Next week I will be giving a leadership talk at the national Green House Project conference. The Green House Project is a movement to fundamentally change the way we provide care for older adults, moving from a setting that feels more medical and “institutional” to one that feels, looks and is “real home,” where elders can live a life that is resident-directed and as meaningful as possible.
Implementing Green House is a major undertaking and one that we will be deeply into throughout 2019 and beyond. Participating in the national conference helps us to learn from our colleagues and benchmark against others who are already practicing this philosophy of care in their organizations.
My talk next week follows that of a gentleman who has early onset Alzheimer’s. He was diagnosed a number of years ago and is only 57 years old now. I had a chance to read the talk he’ll be presenting and he’s themed it around a quote he loves from his favorite movie, Shawshank Redemption. In it, one of the characters gives this sage piece of advice, “Get busy living or get busy dying.” This gentleman has taken those words to heart and throughout the years since his diagnosis has made “get busy living” his focus and his mantra.
As I thought about “getting busy living” from a leadership perspective, it seemed to me that this is the core of what all of us do (or should do) who work in elder services. I would contend that keeping people safe is vital, providing the care and services they need is also critical but that the core of working with elders is to help them and to enable them to “get busy living.”

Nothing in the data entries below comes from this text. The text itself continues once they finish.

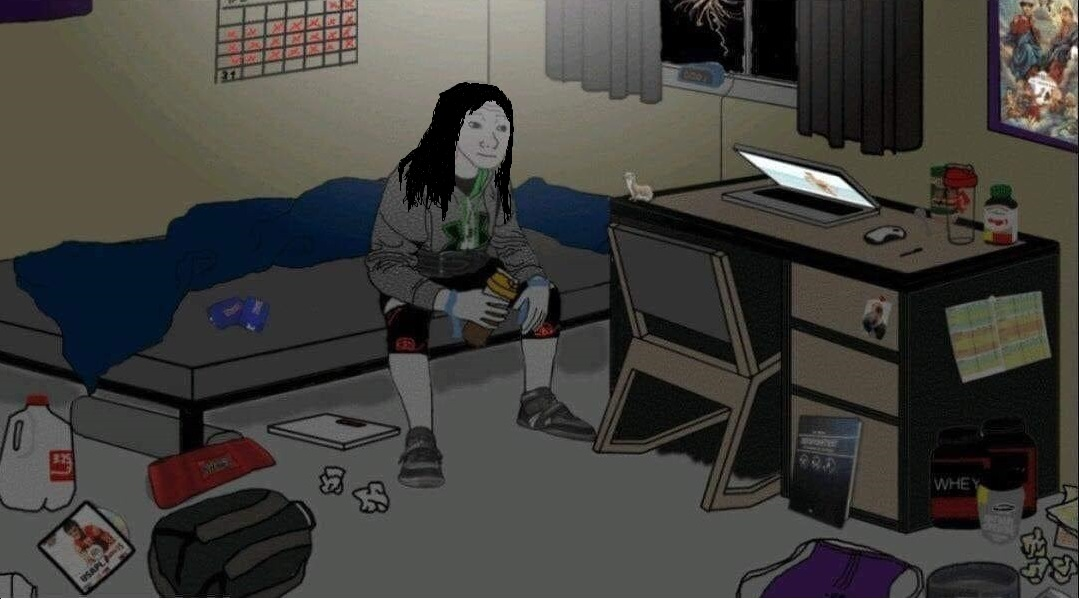
Label: 5_Wojak_with_Background
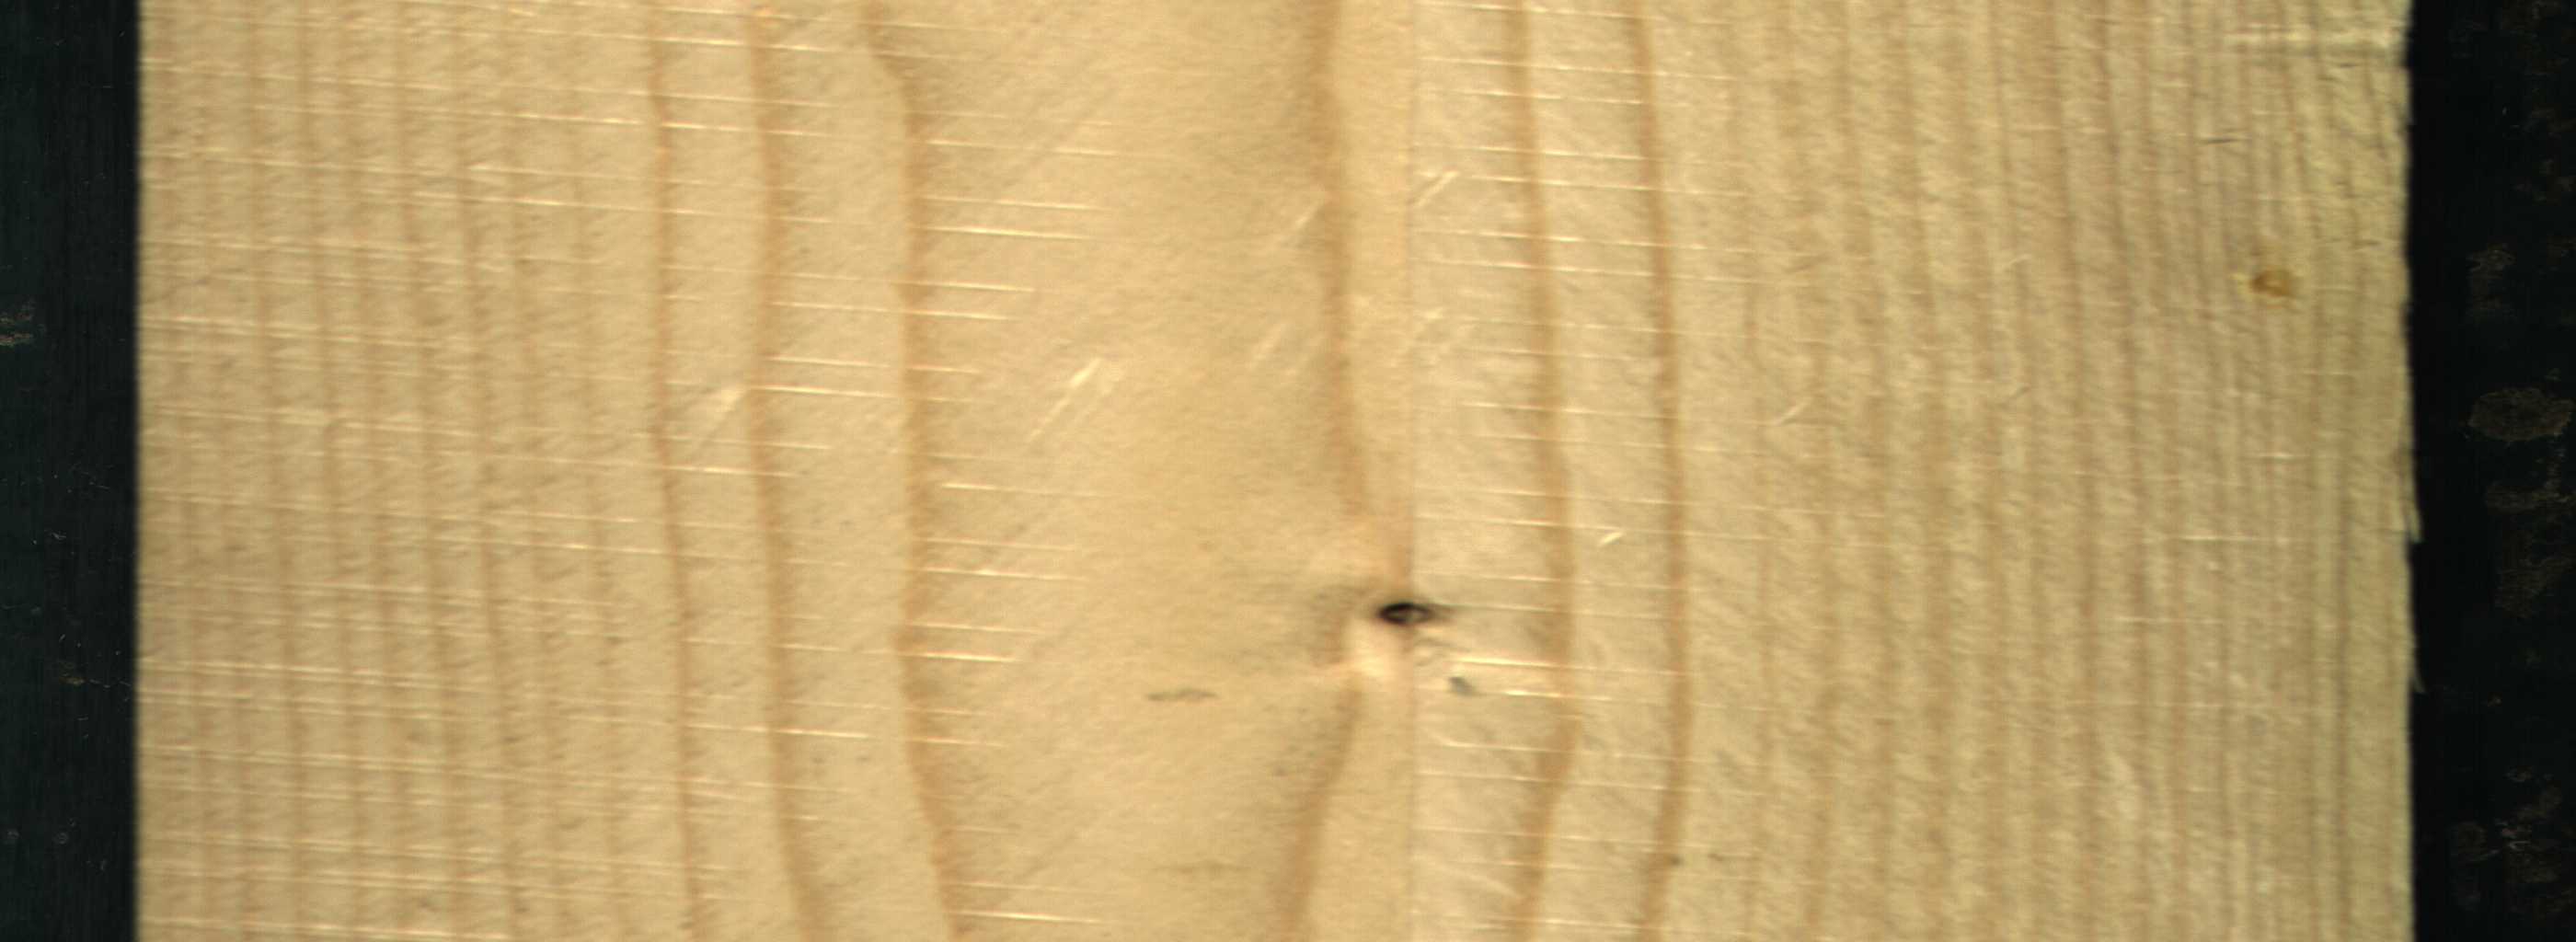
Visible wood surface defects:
Dead_Knot
Live_Knot
Live_Knot
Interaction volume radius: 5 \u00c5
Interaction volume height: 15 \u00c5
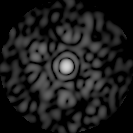
Disorder parameter: 0.8331
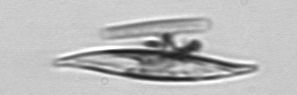
Label: Pleurosigma
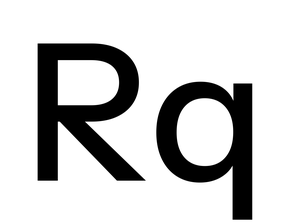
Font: InstrumentSans_Medium

This is also, I think, the hardest thing to achieve. It is easy to see people as diagnoses or room numbers. It is easy to see people as tasks that must be completed and care that must be delivered. Our entire long-term care industry is built on this kind of tradition, that we are offering help to those who need it, that we are reaching out to those who are “less than” in an effort to safeguard their wellbeing. That’s not the wrong thing to do but I would argue that it isn’t enough.
When we fail to see people as whole because disease or disability has limited them, when we treat someone as a patient and not a person, we fail both the elders and ourselves. There is tremendous richness to be gained through interactions with our elders, to enabling choice and to providing a fullness of life and experience. We see this in many of the programs that we do, a perfect example of which is OMA (Opening Minds through Art). In the OMA program, individuals with a diagnosis of dementia have the opportunity to use creative expression to make choices, have control over some aspect of their lives and reach outside themselves. I have seen people whose voluntary movements were limited to swallowing yet, with a little support, the ability to create and express themselves, creating art that came from a place deep inside, a place where their essence could still be reached. These lessons and this philosophy must apply to everything we do and every interaction that we have.
Focusing on abilities rather than disabilities, focusing on resident choices rather than purely staff direction, acknowledging wisdom rather than deficits, these are all ways in which we are revolutionizing the aging services industry and the entire aging process. It’s a big undertaking but clearly the right thing to do and we all need to remember to “get busy living” and help others to do the same.